Work instructions:
An image-free reproduction of the data below is needed: print it exactly.

[Input for this task — start]

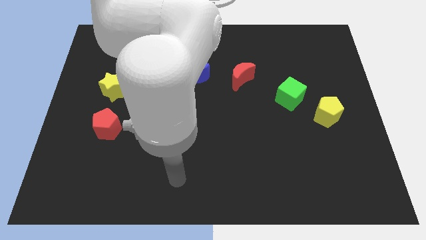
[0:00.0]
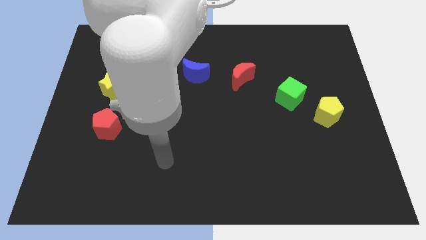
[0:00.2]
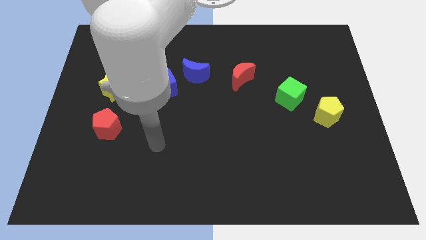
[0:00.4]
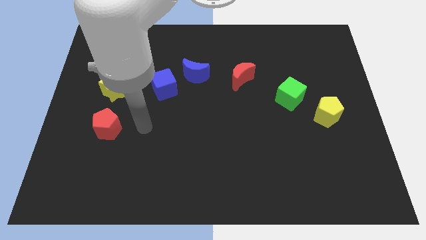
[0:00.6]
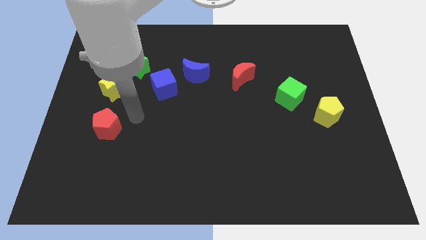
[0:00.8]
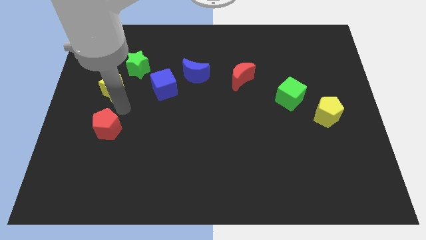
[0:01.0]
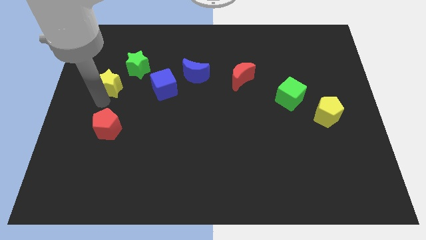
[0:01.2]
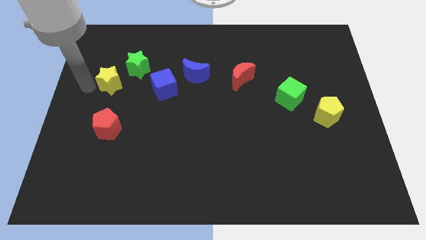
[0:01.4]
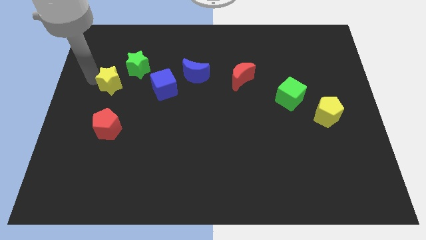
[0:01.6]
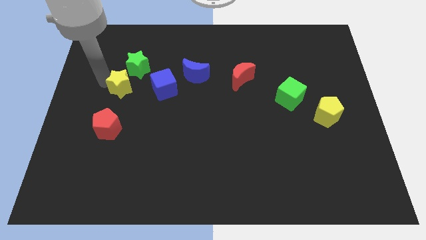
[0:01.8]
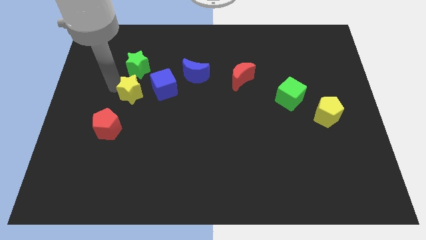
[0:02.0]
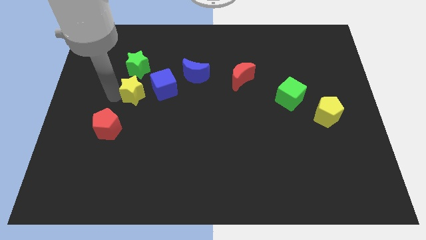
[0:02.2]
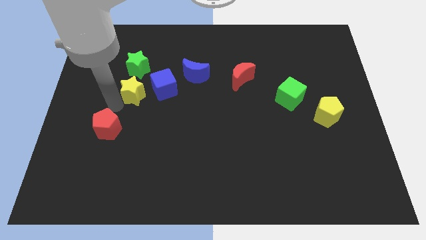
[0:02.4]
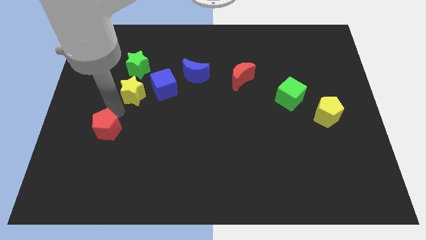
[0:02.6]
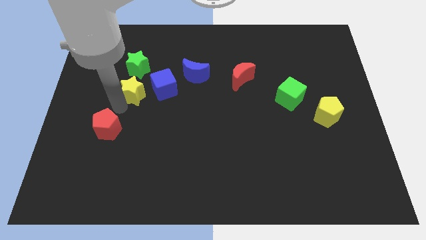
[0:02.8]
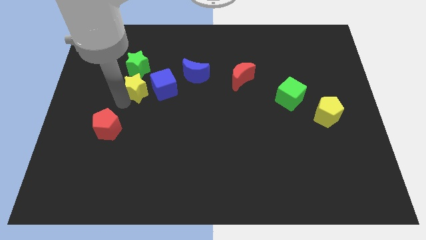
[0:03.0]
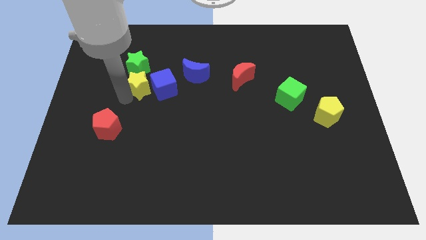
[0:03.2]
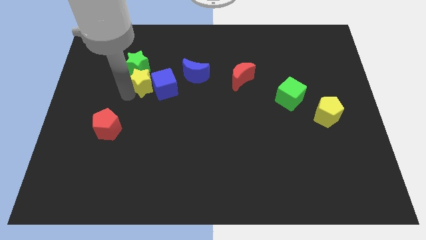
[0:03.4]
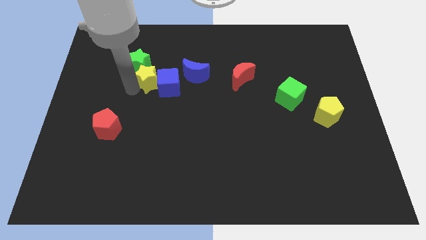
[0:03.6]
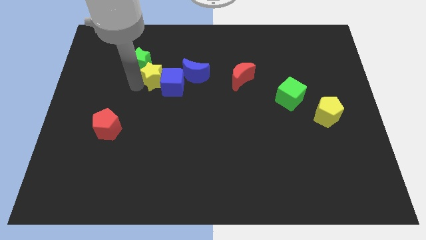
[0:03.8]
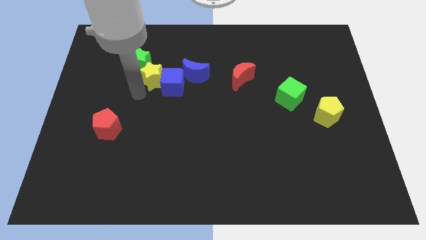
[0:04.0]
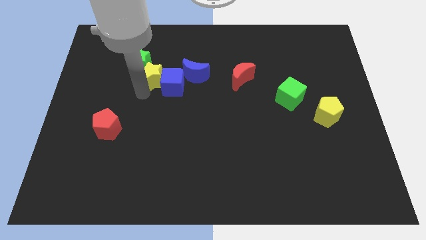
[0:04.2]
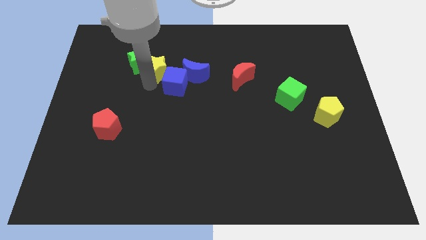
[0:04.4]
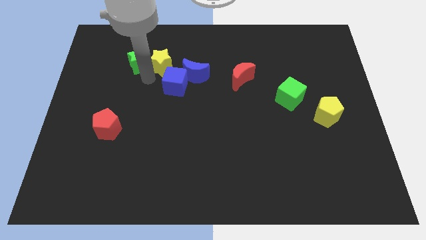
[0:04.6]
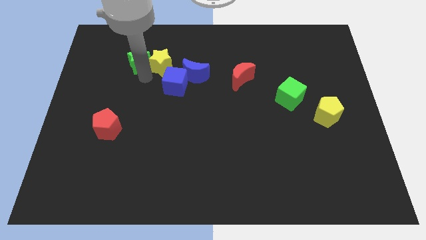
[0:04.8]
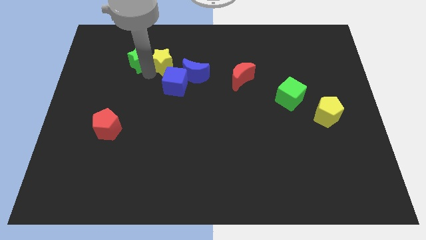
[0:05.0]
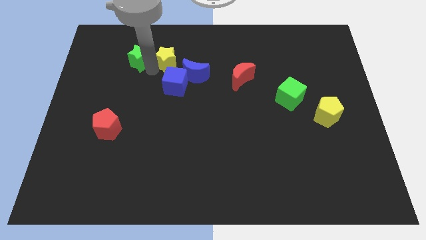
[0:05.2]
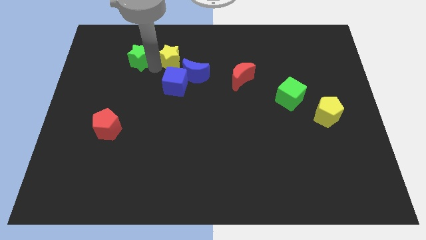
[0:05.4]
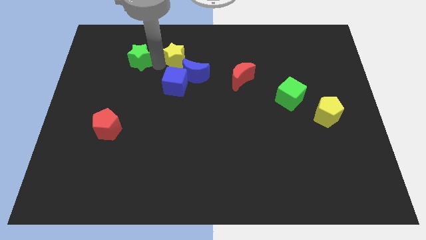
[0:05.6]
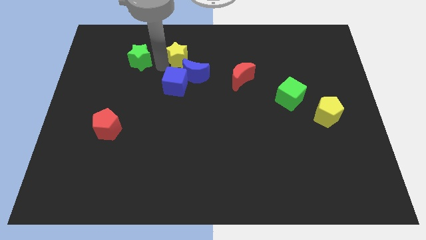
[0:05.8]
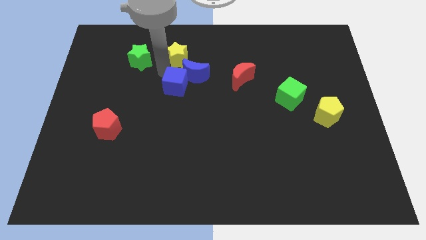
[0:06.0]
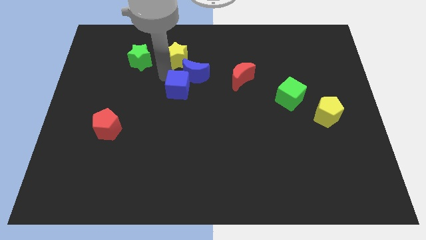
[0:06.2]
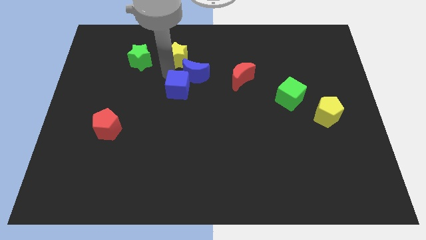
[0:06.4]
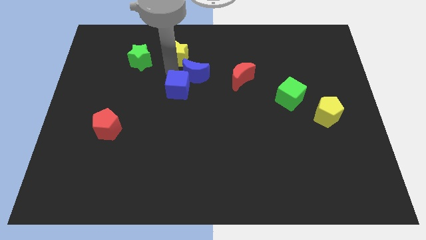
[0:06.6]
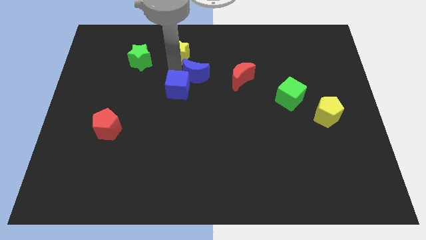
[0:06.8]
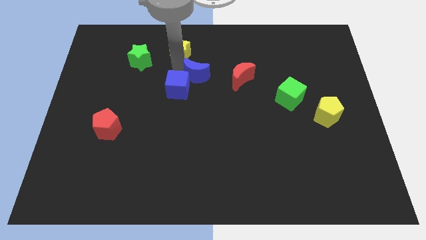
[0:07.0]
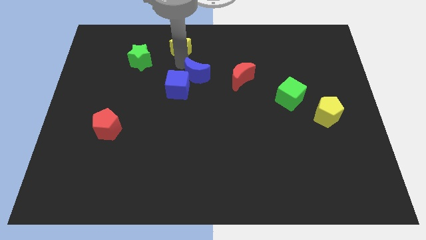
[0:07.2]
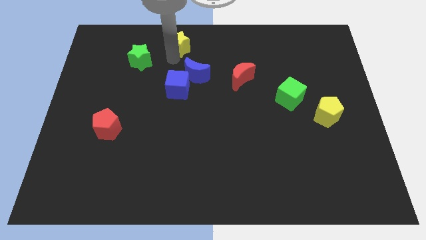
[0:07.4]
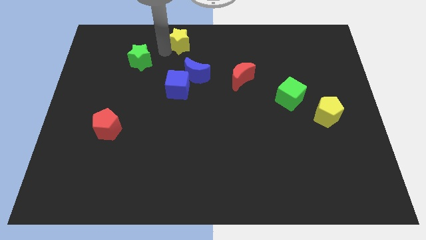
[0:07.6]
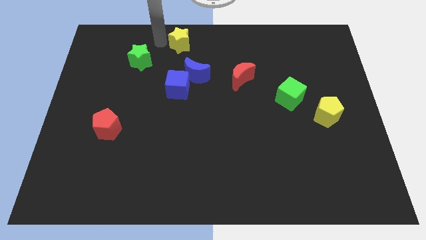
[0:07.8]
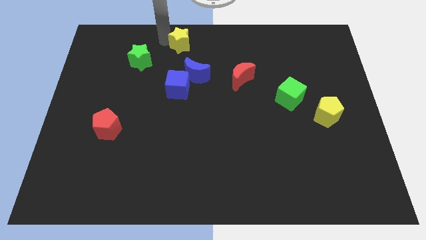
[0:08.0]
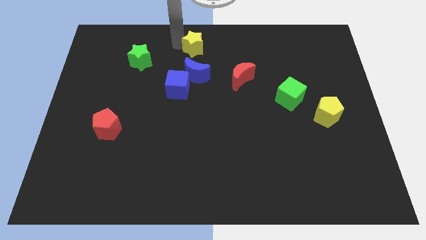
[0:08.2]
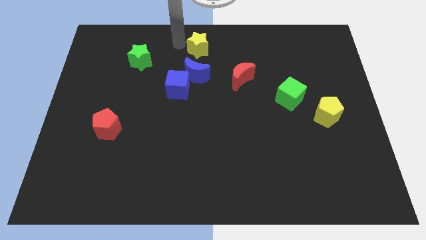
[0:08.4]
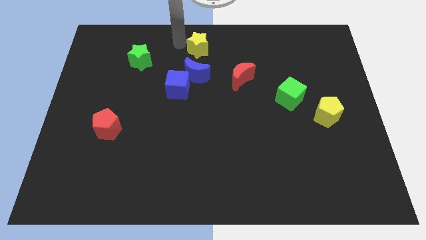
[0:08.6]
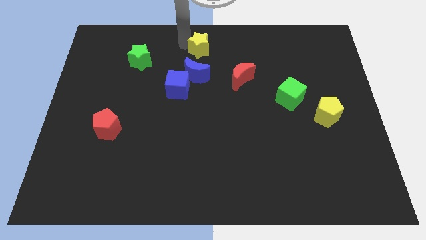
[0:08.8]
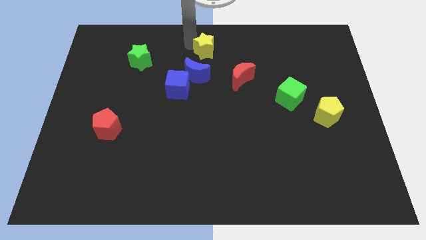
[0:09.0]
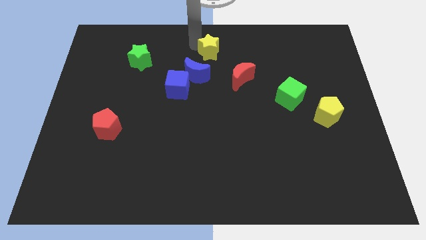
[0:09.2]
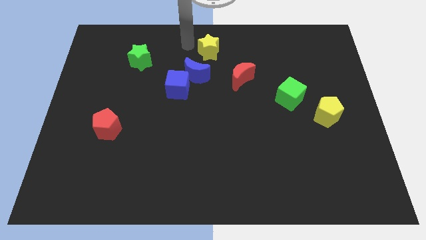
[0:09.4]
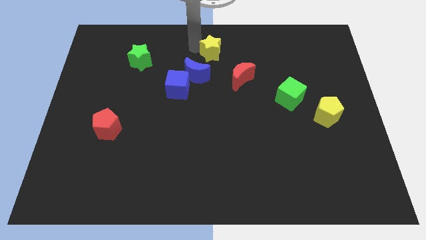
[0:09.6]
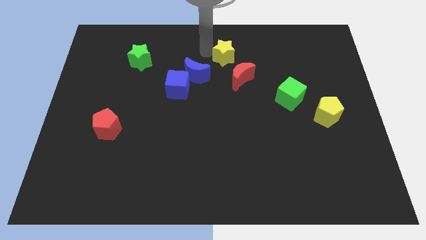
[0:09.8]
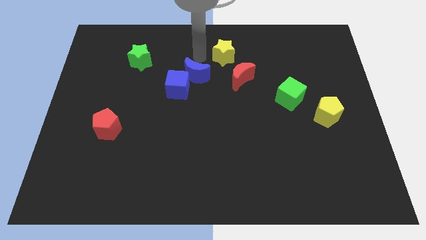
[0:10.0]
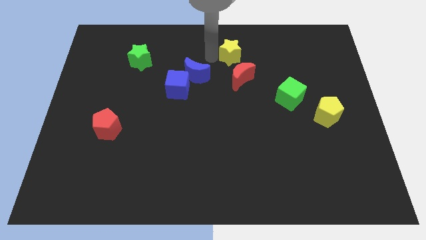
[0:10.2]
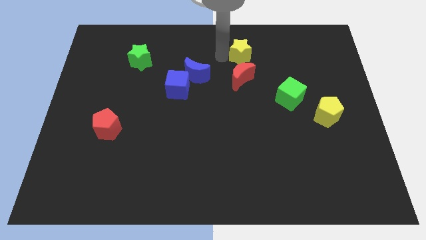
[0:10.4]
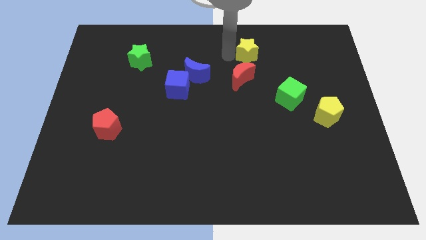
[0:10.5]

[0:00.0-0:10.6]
slide the yellow star to the top right side of the red moon

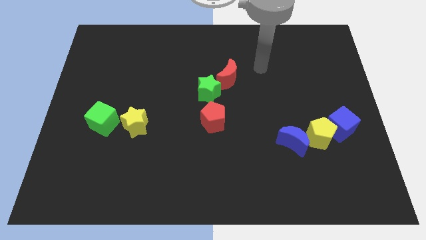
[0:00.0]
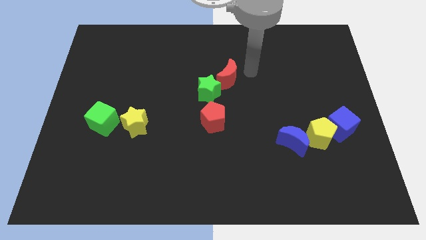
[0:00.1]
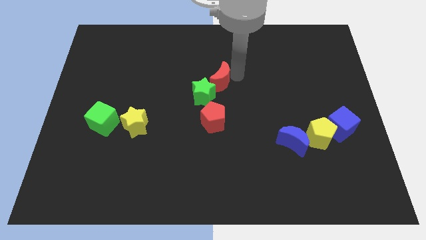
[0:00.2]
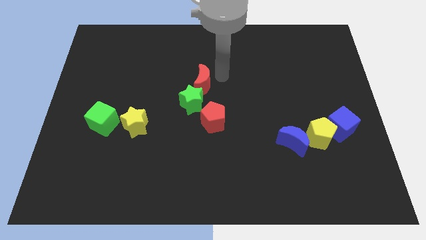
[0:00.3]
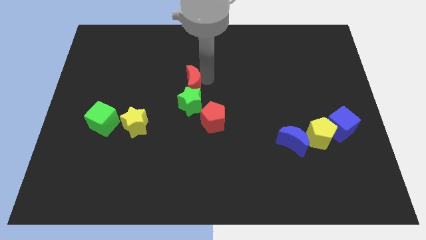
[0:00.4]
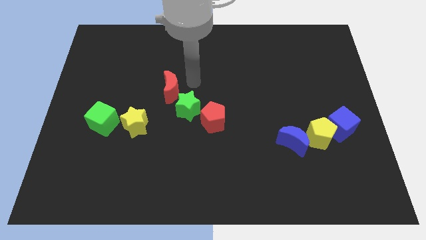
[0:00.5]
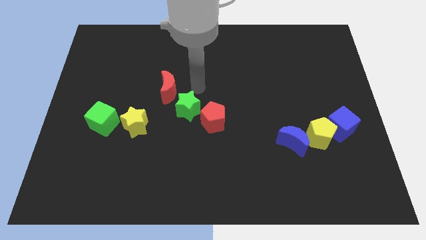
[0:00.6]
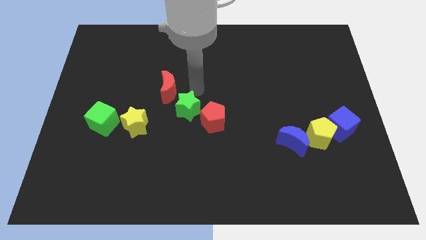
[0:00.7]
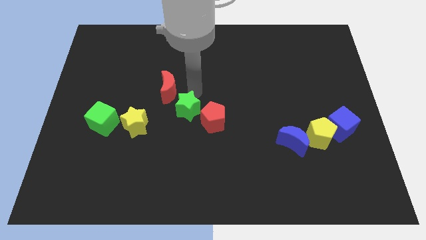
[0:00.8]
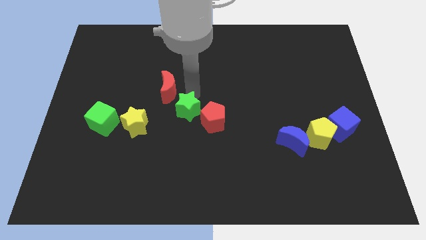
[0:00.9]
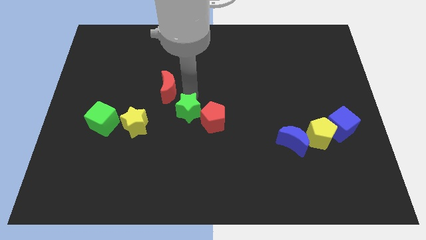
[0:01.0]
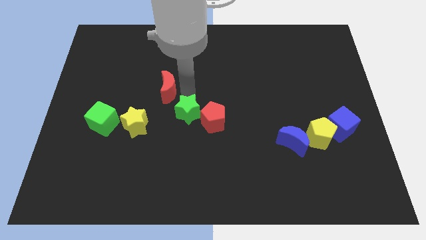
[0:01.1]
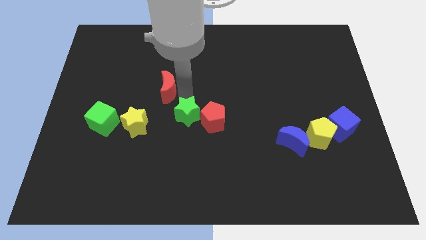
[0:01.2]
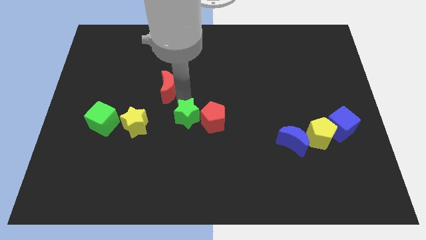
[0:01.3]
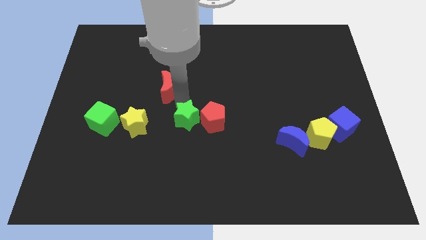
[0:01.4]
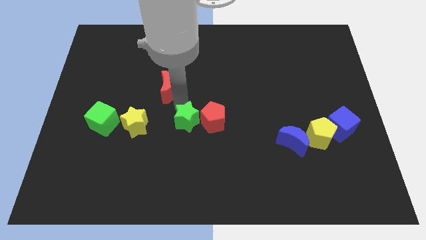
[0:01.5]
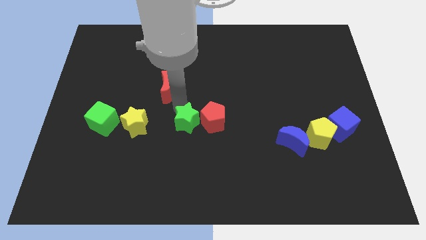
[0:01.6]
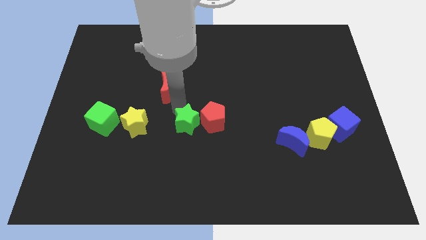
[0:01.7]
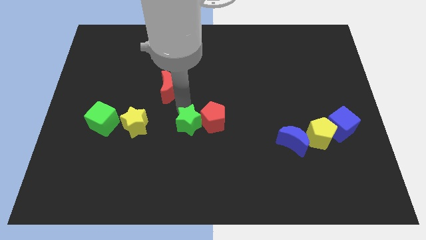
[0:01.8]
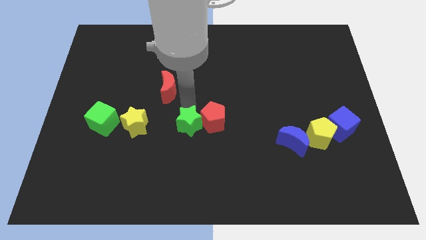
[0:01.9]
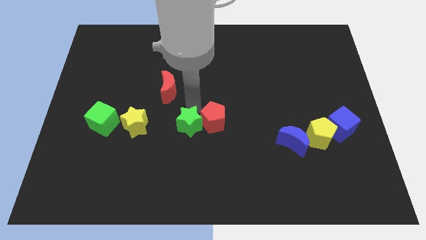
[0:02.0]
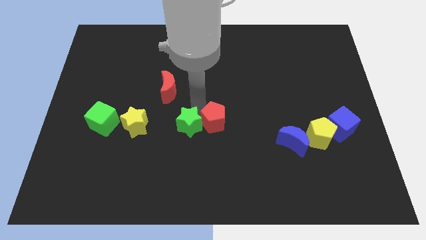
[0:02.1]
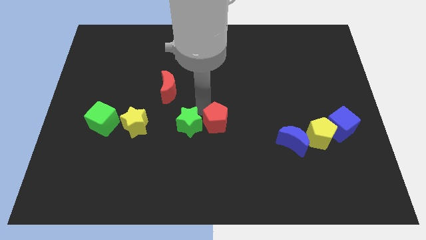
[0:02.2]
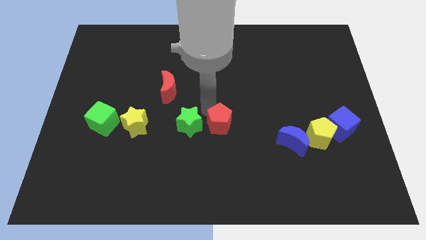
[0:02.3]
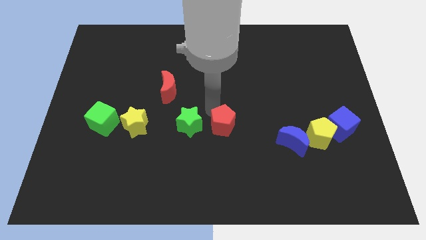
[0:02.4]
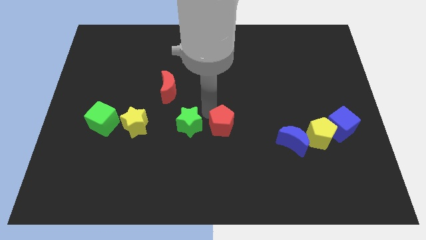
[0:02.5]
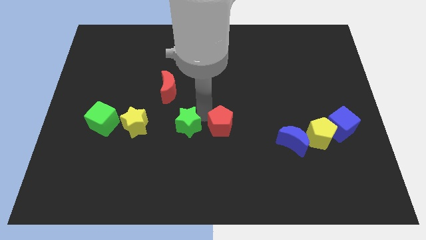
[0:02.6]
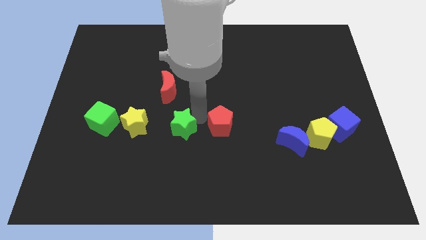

[Input for this task — finish]

Solution for this exercise:
[0:00.0]
[0:00.2]
[0:00.4]
[0:00.6]
[0:00.8]
[0:01.0]
[0:01.2]
[0:01.4]
[0:01.6]
[0:01.8]
[0:02.0]
[0:02.2]
[0:02.4]
[0:02.6]
[0:02.8]
[0:03.0]
[0:03.2]
[0:03.4]
[0:03.6]
[0:03.8]
[0:04.0]
[0:04.2]
[0:04.4]
[0:04.6]
[0:04.8]
[0:05.0]
[0:05.2]
[0:05.4]
[0:05.6]
[0:05.8]
[0:06.0]
[0:06.2]
[0:06.4]
[0:06.6]
[0:06.8]
[0:07.0]
[0:07.2]
[0:07.4]
[0:07.6]
[0:07.8]
[0:08.0]
[0:08.2]
[0:08.4]
[0:08.6]
[0:08.8]
[0:09.0]
[0:09.2]
[0:09.4]
[0:09.6]
[0:09.8]
[0:10.0]
[0:10.2]
[0:10.4]
[0:10.5]

[0:00.0-0:10.6]
slide the yellow star to the top right side of the red moon

[0:00.0]
[0:00.1]
[0:00.2]
[0:00.3]
[0:00.4]
[0:00.5]
[0:00.6]
[0:00.7]
[0:00.8]
[0:00.9]
[0:01.0]
[0:01.1]
[0:01.2]
[0:01.3]
[0:01.4]
[0:01.5]
[0:01.6]
[0:01.7]
[0:01.8]
[0:01.9]
[0:02.0]
[0:02.1]
[0:02.2]
[0:02.3]
[0:02.4]
[0:02.5]
[0:02.6]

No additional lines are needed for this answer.